## [LISTED ENTRIES]
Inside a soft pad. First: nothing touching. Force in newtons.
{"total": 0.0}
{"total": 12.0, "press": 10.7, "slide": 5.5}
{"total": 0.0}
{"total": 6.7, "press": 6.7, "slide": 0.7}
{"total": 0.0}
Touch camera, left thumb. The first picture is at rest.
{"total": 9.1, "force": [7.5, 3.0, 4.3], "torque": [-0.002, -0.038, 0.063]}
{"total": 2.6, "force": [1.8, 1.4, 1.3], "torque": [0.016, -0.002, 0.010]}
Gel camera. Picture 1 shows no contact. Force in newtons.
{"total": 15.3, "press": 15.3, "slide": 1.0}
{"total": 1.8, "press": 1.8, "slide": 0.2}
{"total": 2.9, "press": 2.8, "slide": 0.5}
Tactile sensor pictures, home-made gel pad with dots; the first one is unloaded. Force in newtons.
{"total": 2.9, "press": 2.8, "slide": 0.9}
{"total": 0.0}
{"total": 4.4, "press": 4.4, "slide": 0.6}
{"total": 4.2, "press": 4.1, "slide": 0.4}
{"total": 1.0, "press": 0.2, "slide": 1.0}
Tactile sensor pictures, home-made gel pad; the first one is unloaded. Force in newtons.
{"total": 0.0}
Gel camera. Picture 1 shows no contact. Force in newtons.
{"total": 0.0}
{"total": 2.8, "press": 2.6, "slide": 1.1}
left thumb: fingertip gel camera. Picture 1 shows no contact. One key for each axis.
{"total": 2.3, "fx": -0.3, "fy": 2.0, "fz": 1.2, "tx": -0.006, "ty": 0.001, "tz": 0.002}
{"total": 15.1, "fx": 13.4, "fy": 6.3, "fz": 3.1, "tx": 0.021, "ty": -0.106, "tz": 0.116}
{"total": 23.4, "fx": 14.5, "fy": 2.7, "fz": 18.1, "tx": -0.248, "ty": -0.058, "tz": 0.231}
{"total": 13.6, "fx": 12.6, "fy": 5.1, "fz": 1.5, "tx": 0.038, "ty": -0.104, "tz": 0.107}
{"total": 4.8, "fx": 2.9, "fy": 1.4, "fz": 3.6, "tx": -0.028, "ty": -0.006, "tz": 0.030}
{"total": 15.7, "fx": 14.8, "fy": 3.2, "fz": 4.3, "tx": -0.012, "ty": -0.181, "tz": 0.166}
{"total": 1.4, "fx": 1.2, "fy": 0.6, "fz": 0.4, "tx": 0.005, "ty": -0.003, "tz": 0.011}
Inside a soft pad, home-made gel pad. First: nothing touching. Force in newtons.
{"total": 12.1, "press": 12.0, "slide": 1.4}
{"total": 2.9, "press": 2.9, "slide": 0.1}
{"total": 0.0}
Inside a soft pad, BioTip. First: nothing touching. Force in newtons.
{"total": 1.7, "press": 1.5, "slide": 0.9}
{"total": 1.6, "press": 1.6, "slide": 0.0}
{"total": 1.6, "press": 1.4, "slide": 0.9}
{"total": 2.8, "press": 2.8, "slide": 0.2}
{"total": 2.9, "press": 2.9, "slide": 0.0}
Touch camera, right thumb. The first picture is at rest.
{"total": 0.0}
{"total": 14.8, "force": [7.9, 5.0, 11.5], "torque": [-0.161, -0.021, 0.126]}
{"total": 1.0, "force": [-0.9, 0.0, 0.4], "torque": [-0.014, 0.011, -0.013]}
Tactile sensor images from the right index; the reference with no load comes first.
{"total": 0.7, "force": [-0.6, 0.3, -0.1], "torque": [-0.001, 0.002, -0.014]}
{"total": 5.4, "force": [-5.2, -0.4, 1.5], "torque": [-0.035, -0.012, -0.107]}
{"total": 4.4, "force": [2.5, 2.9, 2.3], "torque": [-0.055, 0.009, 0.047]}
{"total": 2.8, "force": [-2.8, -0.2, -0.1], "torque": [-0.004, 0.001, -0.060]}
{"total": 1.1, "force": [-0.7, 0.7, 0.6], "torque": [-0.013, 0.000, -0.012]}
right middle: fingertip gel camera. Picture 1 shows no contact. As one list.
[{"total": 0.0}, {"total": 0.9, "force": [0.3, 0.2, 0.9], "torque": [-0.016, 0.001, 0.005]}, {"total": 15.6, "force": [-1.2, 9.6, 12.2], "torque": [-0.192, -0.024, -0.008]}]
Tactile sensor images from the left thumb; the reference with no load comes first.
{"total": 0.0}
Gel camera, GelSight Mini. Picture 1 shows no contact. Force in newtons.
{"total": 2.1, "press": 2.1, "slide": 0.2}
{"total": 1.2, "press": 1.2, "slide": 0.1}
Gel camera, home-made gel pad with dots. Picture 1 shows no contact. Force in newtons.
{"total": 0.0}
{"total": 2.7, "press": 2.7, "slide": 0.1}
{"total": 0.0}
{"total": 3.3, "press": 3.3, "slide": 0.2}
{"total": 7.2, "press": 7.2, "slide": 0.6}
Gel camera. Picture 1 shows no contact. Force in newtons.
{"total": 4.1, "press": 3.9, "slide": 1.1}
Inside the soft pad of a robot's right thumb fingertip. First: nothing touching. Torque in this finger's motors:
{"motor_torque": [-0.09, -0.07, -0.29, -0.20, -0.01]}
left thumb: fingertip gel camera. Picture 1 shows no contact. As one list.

## [WHAT IS EXPECTED]
Beginning at the line that holds "Gel camera, home-made", write out word for word each line through the end of the records.

## [RESPONSE TO THE EXERCISE]
Gel camera, home-made gel pad with dots. Picture 1 shows no contact. Force in newtons.
{"total": 0.0}
{"total": 2.7, "press": 2.7, "slide": 0.1}
{"total": 0.0}
{"total": 3.3, "press": 3.3, "slide": 0.2}
{"total": 7.2, "press": 7.2, "slide": 0.6}
Gel camera. Picture 1 shows no contact. Force in newtons.
{"total": 4.1, "press": 3.9, "slide": 1.1}
Inside the soft pad of a robot's right thumb fingertip. First: nothing touching. Torque in this finger's motors:
{"motor_torque": [-0.09, -0.07, -0.29, -0.20, -0.01]}
left thumb: fingertip gel camera. Picture 1 shows no contact. As one list.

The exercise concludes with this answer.